- [Requirement] Each line below must be reproduced exactly as it stands. Pictures stay out of the copy.

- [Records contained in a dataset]
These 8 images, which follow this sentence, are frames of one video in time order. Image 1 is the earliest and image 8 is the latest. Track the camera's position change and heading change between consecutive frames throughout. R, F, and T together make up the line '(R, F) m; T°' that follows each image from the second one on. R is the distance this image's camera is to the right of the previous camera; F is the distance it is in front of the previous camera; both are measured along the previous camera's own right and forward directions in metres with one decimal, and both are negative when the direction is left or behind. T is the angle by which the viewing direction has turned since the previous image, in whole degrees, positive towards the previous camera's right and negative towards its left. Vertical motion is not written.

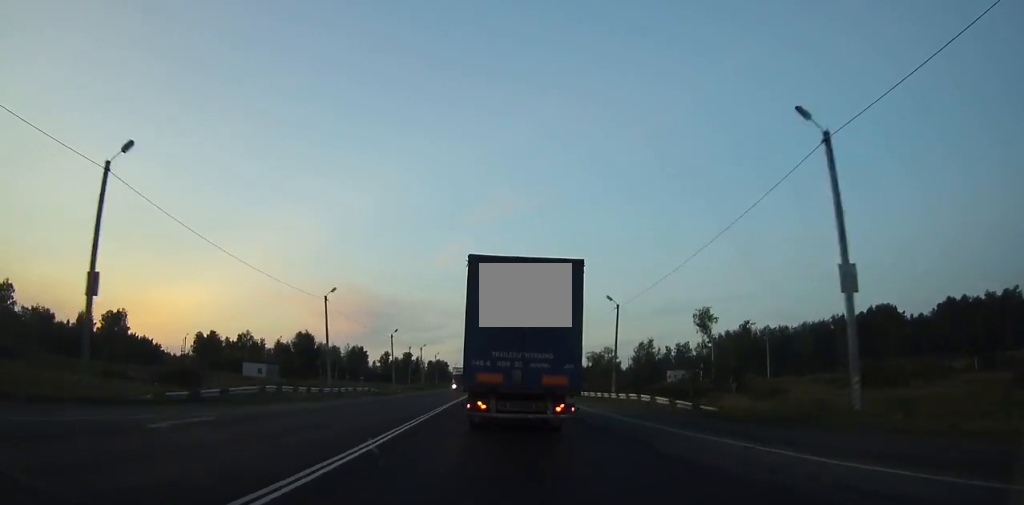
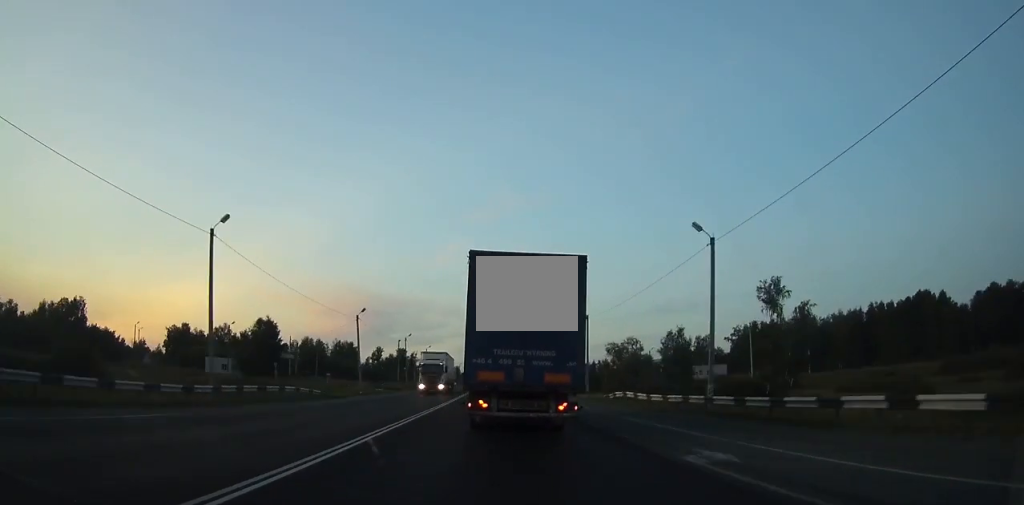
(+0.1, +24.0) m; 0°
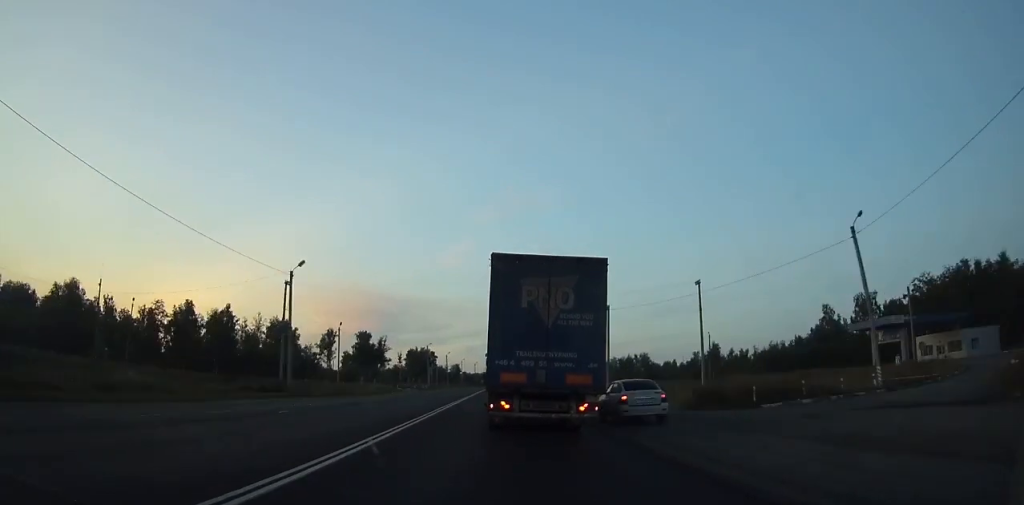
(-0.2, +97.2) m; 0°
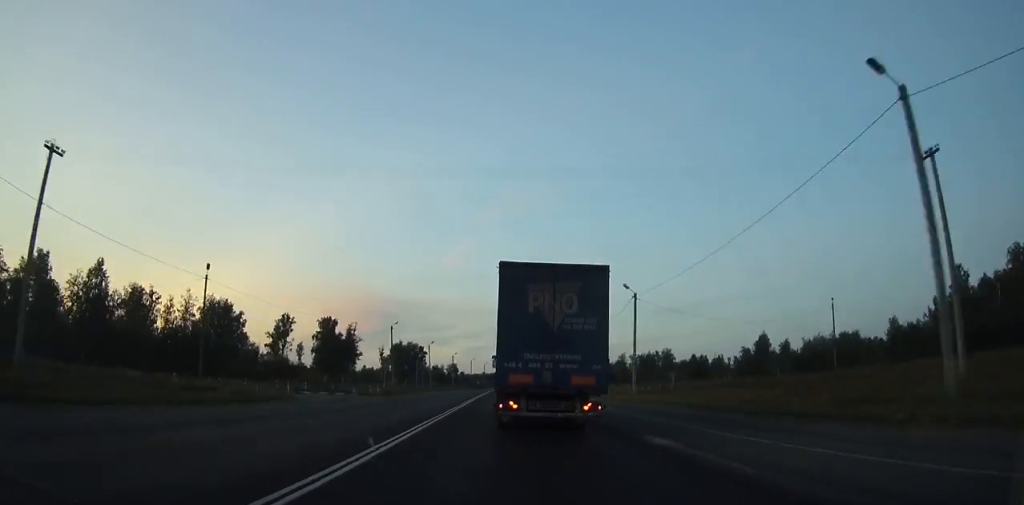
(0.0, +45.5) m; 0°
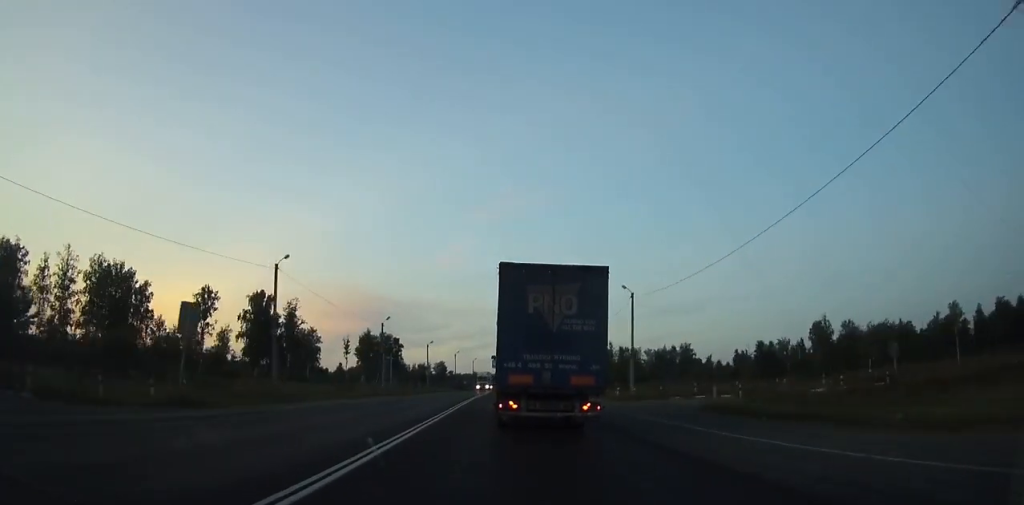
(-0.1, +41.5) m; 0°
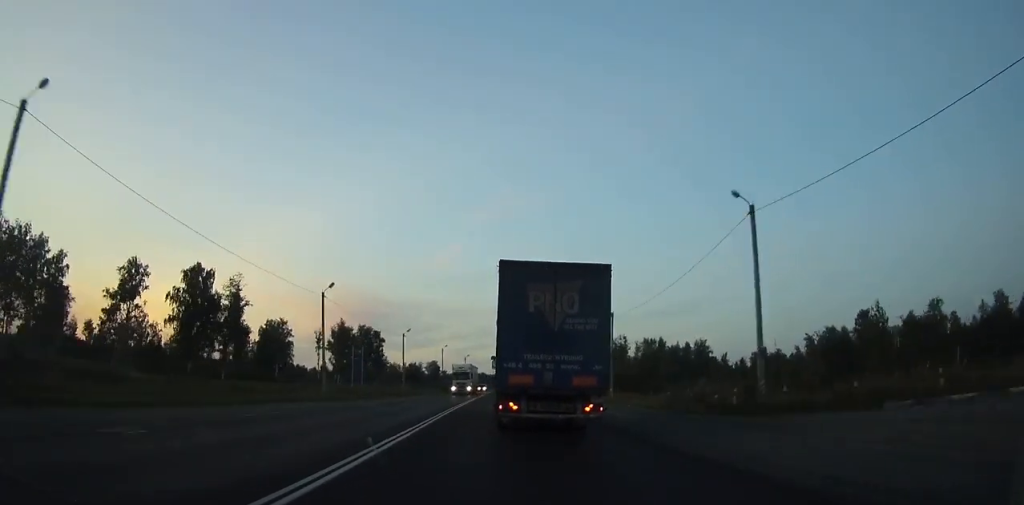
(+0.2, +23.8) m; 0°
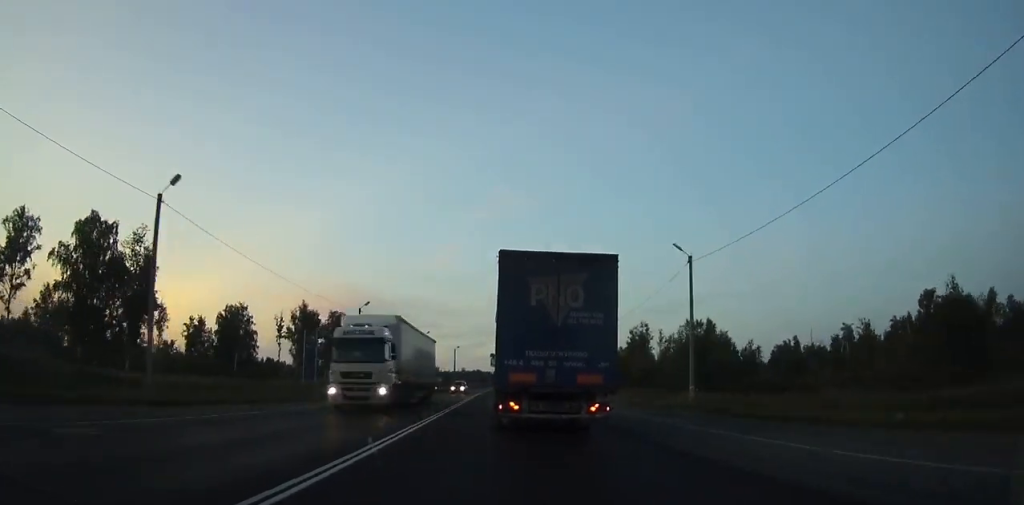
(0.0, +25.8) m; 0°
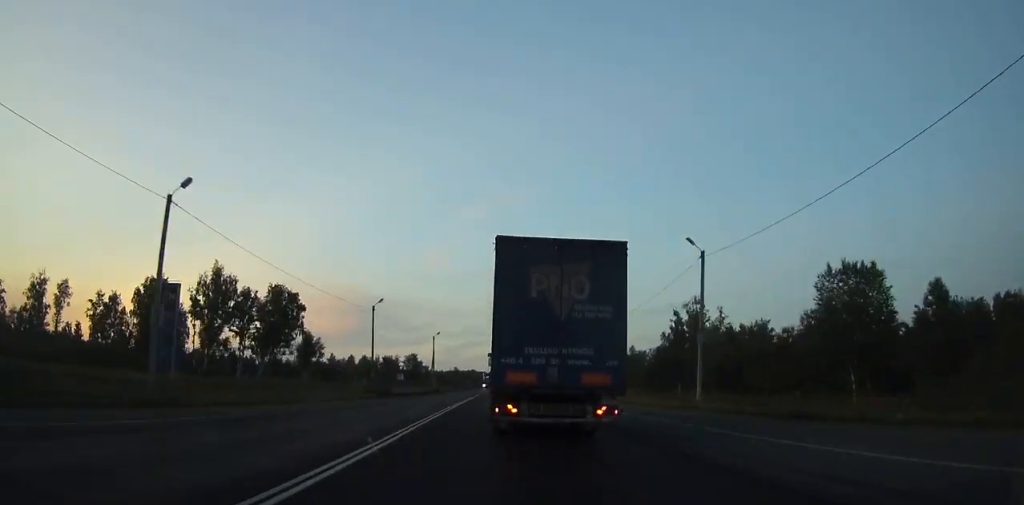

- [Solution to this task]
These 8 images, which follow this sentence, are frames of one video in time order. Image 1 is the earliest and image 8 is the latest. Track the camera's position change and heading change between consecutive frames throughout. R, F, and T together make up the line '(R, F) m; T°' that follows each image from the second one on. R is the distance this image's camera is to the right of the previous camera; F is the distance it is in front of the previous camera; both are measured along the previous camera's own right and forward directions in metres with one decimal, and both are negative when the direction is left or behind. T is the angle by which the viewing direction has turned since the previous image, in whole degrees, positive towards the previous camera's right and negative towards its left. Vertical motion is not written.

(+0.1, +24.0) m; 0°
(-0.2, +97.2) m; 0°
(0.0, +45.5) m; 0°
(-0.1, +41.5) m; 0°
(+0.2, +23.8) m; 0°
(0.0, +25.8) m; 0°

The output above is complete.